Empolgadíssimo, Piastri comemora a quarta vitória na carreira

SÃO PAULO (foi fácil) – Oscar Piastri venceu sua segunda corrida no ano, quarta na carreira, hoje no Bahrein. Vitória inconteste, a partir da pole-position e com a melhor volta da prova. George Russell, da Mercedes, foi o segundo. Lando Norris, companheiro de Piastri na McLaren, fechou o pódio na terceira colocação. Lando segue na liderança do campeonato, agora três pontos à frente de seu parceiro de equipe. Max Verstappen, sexto colocado na corrida, vem atrás deles, oito pontos atrás de Norris.

Foi um belo GP, como se esperava, graças às diferentes estratégias de pneus que uma pista como a barenita exige. O asfalto desgasta muito a borracha e ninguém conseguiria completar as 57 voltas da prova com menos de duas paradas. Para ajudar ainda mais, uma entrada do safety-car pouco depois da metade da corrida juntou todo mundo que estava espalhado pelos 5.412 m do circuito. E a parte final da quarta etapa do Mundial acabou sendo a mais divertida de todas.

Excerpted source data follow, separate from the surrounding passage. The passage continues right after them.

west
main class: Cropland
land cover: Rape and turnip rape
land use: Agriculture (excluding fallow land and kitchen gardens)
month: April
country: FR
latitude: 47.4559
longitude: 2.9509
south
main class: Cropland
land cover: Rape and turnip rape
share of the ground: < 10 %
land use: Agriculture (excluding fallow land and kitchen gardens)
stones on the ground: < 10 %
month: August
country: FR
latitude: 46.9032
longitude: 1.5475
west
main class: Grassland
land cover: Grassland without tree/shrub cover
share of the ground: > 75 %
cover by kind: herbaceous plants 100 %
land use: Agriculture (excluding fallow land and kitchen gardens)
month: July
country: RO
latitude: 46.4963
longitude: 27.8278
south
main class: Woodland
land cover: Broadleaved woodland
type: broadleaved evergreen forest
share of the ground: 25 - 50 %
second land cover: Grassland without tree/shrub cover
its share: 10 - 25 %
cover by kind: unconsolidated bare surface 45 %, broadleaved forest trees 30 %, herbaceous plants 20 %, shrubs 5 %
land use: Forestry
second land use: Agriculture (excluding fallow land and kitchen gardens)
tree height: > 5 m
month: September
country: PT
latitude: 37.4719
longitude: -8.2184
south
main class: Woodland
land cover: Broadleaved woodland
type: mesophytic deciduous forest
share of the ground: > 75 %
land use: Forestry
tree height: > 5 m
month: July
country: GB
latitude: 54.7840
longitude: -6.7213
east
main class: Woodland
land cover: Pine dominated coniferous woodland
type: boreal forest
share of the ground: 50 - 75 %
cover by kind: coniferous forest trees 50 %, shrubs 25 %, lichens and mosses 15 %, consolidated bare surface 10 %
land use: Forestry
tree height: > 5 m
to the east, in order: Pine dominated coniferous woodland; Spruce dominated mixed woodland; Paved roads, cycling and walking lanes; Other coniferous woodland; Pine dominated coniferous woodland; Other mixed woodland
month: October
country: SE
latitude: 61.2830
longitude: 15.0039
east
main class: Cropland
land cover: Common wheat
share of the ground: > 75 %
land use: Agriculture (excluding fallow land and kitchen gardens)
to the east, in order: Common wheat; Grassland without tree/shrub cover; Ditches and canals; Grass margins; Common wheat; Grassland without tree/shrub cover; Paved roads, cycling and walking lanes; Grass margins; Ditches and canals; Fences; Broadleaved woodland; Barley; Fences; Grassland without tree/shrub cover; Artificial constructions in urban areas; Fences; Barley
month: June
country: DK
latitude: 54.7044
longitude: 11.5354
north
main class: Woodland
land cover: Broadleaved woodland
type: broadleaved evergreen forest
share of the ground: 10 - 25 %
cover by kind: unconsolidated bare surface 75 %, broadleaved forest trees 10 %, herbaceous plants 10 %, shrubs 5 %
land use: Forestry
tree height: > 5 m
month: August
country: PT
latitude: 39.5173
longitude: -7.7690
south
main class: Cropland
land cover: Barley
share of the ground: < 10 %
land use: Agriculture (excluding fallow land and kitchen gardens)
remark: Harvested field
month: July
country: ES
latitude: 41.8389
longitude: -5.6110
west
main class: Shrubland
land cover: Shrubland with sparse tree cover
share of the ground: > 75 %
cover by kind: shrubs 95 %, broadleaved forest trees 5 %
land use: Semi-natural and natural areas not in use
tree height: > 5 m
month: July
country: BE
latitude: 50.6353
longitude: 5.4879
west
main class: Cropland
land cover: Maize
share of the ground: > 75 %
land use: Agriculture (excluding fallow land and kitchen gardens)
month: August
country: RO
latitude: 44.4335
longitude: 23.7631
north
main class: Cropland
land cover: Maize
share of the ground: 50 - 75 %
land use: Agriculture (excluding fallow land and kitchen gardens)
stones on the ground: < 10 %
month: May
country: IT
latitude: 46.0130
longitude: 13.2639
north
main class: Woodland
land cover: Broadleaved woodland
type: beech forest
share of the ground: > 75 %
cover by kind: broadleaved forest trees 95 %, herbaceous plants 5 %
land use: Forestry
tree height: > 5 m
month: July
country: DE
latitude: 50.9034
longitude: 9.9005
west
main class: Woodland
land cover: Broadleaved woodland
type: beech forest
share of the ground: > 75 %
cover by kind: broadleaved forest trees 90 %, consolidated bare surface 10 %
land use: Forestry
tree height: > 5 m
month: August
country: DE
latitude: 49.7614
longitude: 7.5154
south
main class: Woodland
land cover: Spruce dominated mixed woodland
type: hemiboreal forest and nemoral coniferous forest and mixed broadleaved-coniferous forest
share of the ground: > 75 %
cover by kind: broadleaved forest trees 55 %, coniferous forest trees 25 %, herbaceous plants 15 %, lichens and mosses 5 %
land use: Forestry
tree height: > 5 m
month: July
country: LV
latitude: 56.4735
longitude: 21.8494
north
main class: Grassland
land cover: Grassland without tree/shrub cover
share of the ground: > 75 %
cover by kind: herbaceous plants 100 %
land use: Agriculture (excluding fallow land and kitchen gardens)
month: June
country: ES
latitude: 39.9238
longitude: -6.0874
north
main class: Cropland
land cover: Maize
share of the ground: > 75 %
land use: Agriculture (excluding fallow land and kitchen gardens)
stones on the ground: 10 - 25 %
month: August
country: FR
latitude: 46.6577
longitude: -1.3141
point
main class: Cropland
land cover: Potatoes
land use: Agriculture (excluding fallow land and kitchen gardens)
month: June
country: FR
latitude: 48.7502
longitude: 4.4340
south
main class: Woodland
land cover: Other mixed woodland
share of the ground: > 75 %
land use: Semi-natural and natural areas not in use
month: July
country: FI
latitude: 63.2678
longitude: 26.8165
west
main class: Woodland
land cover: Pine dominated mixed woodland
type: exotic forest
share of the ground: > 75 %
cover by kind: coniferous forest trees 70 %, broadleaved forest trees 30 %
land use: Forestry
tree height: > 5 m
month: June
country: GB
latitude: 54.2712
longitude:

Largada no Bahrein: Norris posicionou mal o carro no grid e foi punido

A largada foi elétrica, com Russell passando Charles Leclerc e pulando para segundo. Charlinho largou de pneus médios – como Lewis Hamilton, Fernando Alonso, Liam Lawson e Gabriel Bortoleto; os demais foram de macios. Norris, milagre, foi quem deu o maior salto, de sexto para terceiro. Naquela posição se colocaria na briga pela vitória. Verstappen, por sua vez, pouco habituado ao pega-pra-capar do meio do pelotão, caiu de sétimo para oitavo.

Ocorre que os olhos de lince dos comissários perceberam que Norris alinhou seu carro fora do colchete no grid. Quem também notou foi Verstappen, atrás dele na grelha de partida. “O Lando está fora do lugar! Avisem alguém! Estou vendo! Pilantra!” Tomou 5s de punição. Lando, não Max.

Na quinta volta, Kimi Antonelli e Verstappen passaram Carlos Sainz, jogando o piloto da Williams para a oitava colocação. Piastri, Russell, Norris, Leclerc e Pierre Gasly eram os cinco primeiros, com Kimi e Max em sexto e sétimo. Depois do espanhol, Hamilton e Yuki Tsunoda completavam o top-10.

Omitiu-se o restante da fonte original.